Outcomes of Open Versus Laparoscopic Appendectomy in the United States, 1998-2002
Objective: Compare outcomes between open and laparoscopic appendectomy based on the data from a representative nationwide administrative database.
Design: Retrospective review of the Nationwide Inpatient Sample (NIS) database for 1998-2002.
Setting: Results are generalizable to all US non-federal acute care hospitals.
Patients: Patients were identified based on the appropriate ICD-9 diagnostic codes for the primary procedure during the index admission. Weighted analysis yielded an estimated 1,213,110 appendectomies.
Main Outcome Measures: Primary outcome measures were in-hospital mortality, in-hospital complications, and length of stay.
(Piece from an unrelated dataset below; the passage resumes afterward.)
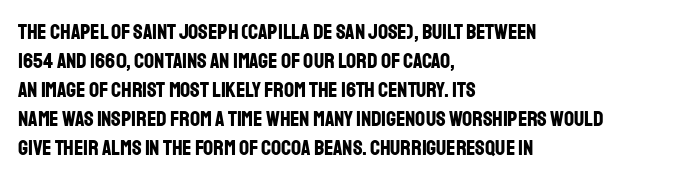
The image shows 22 px bold type, upright; set left-aligned, normal line spacing (1.32x), normal letter spacing, not underlined.

Results: After adjusting for co-morbidities, including diabetes, hypertension, chronic renal failure, COPD, and patient demographics, laparoscopic appendectomy was associated with lower in-hospital mortality (OR 0.48, [0.31, 0.74] p<0.0001), shorter length of stay (3.37 vs. 2.41 days, p<0.0001), lower risk of postoperative infectious complications (OR 0.61 [0.55, 0.68] p<0.0001), and pulmonary complications (OR 0.9 [0.82, 0.99] p=0.026). Laparoscopic appendectomy was associated with increased risk of postoperative fever (OR 1.1 [1.01, 1.21] p=0.036) and bleeding during the procedure (OR 2.6 [2.1, 3.1] p<0.0001), but no increase in risk of perioperative blood transfusions (OR 0.94 [0.81 1.1] p=0.38).
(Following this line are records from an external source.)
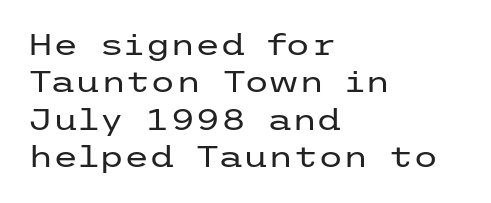
The image shows 29 px regular-weight, wide sans-serif type, upright; set left-aligned, normal line spacing (1.29x), normal letter spacing, not underlined; low stroke contrast and a medium x-height.
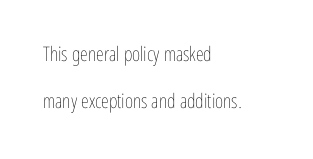
Vertical strokes here are truly vertical. Underlining? Definitely not there. Students, note that the glyphs here touch the page at normal intervals. Is this a heavy cut? Hardly; it is regular or lighter.
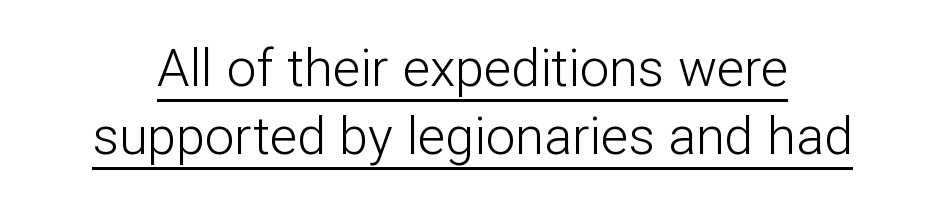
Q: Is the text bold? A: No.
Q: Is the text italic (slanted)? A: No, it is upright.
Q: Is the typeface a serif or a sans-serif typeface? A: Sans-serif.
Q: Is the text underlined? A: Yes.
Q: Is the spacing between letters normal or unusually wide? A: Normal.
Q: Is the spacing between lines tight, normal or loose? A: Normal.
Q: Width (condensed, normal, or wide)? A: Normal.
Q: Stroke contrast? A: Low.
Q: x-height? A: Medium.
Q: Monospaced? A: No.
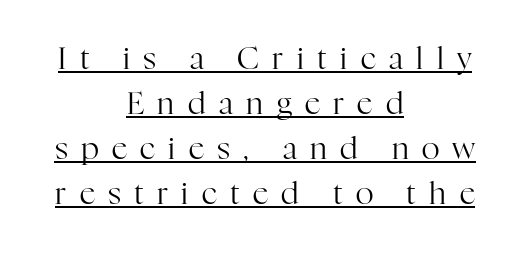
Q: Is the text bold? A: No.
Q: Is the text italic (slanted)? A: No, it is upright.
Q: Is the typeface a serif or a sans-serif typeface? A: Serif.
Q: Is the text underlined? A: Yes.
Q: How is the paragraph aligned? A: Centered.
Q: Is the spacing between letters normal or unusually wide? A: Unusually wide.
Q: Is the spacing between lines tight, normal or loose? A: Normal.
Q: Width (condensed, normal, or wide)? A: Normal.
Q: Stroke contrast? A: High.
Q: x-height? A: Medium.
Q: Monospaced? A: No.

Conclusion: This observational study of a large patient population suggests that laparoscopic appendectomy confers several advantages over open appendectomy, including reductions in mortality, length of stay, and post-operative infectious and pulmonary complications. Laparoscopic appendectomy is associated with increased risk of intra-operative bleeding, but this does not appear to increase the likelihood of transfusion.